Unix is usually thought of as an operating system that is used by servers and very technically-oriented people. What many Apple product users don’t realize is that they are using Unix every day.
Unix was, according to Wikipedia, first developed in 1969, which, in computing terms, is several lifetimes. There are countless variations of Unix-like operating systems, such as Linux; Apple’s is called Darwin, and it’s the “core OS” of every Mac, iPhone, iPad, iPod Touch, and AppleTV. (Mac OS X 10.5 is also one of the few operating systems certified as Unix by the organization that owns the trademark.)
How did this happen?
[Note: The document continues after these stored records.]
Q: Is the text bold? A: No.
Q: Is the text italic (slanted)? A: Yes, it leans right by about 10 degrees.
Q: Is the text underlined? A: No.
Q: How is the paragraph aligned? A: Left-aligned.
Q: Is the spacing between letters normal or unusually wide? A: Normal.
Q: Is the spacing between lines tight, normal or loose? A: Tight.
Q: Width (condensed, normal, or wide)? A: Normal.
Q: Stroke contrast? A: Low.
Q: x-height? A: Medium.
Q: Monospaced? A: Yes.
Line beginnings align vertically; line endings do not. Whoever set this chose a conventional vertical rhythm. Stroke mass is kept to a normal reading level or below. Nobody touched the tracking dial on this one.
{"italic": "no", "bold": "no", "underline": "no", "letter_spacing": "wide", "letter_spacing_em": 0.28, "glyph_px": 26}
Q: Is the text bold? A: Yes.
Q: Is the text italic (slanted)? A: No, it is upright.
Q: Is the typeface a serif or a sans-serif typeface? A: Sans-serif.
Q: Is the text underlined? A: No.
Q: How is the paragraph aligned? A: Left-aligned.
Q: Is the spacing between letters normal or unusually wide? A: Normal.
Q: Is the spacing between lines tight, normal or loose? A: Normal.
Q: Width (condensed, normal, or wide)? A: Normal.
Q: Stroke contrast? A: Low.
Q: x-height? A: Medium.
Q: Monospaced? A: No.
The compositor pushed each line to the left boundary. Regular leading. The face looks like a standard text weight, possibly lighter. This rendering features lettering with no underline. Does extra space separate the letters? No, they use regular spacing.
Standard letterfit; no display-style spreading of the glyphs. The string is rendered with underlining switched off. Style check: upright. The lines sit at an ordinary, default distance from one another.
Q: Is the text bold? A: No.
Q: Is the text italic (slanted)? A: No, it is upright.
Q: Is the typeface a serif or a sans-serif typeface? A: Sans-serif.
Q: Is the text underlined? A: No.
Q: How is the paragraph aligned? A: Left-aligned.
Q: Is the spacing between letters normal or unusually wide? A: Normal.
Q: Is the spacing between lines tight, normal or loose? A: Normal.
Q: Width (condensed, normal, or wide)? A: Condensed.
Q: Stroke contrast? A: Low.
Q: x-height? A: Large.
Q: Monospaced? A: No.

Well, back in the seventies and much of the eighties, personal computers were too limited to be able to run a complex OS like Unix. And so computer vendors often developed their own operating systems, as Apple did when they developed the Macintosh.
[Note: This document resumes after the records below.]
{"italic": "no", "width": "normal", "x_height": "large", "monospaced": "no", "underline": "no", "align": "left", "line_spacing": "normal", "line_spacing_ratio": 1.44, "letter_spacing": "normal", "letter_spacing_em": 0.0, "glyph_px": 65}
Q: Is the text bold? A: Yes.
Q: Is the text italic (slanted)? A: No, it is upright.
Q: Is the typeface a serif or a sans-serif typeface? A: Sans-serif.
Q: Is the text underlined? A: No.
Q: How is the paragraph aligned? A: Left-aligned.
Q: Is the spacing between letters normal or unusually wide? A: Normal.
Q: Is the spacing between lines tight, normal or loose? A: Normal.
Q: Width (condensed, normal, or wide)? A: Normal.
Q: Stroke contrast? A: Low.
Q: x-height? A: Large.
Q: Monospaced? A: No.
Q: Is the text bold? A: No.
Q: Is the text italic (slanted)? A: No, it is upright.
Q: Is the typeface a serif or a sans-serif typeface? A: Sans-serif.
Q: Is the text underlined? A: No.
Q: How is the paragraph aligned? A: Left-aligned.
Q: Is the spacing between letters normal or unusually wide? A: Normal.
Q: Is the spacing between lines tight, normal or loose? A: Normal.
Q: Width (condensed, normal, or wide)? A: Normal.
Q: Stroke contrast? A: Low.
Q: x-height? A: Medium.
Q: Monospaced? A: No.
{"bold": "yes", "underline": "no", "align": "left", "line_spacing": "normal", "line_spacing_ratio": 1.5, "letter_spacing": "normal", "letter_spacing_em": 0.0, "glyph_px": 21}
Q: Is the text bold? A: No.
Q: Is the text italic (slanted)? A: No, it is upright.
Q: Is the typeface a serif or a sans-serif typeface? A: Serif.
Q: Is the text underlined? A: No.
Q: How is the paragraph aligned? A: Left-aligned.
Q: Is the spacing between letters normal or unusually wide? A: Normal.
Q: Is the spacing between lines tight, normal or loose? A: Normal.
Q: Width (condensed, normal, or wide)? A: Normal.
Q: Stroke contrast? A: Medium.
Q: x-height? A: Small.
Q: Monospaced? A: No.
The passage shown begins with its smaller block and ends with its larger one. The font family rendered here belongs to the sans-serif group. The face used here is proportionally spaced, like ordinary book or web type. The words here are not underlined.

In the mid-nineties, Mac OS had gone as far as it could go; nothing could be done to it that would, for example, keep it from crashing regularly. After failing to successfully develop a new operating system, Apple bought NeXT, the company Steve Jobs founded when he was ousted from Apple in 1985. NeXT had great technology, though very expensive, and the company never rose above an insignificant blip. Steve Jobs himself was considered part of computing’s past, not present.
This made NeXT attractive to Apple, who wanted NeXT’s OPENSTEP operating system for the foundation of the Mac OS of the future — which we now know as Mac OS X. And OPENSTEP was a derivative of Unix.
Four months later, Steve Jobs was once again running Apple. And today, you’ve got an OS with a long and rich history in your pocket.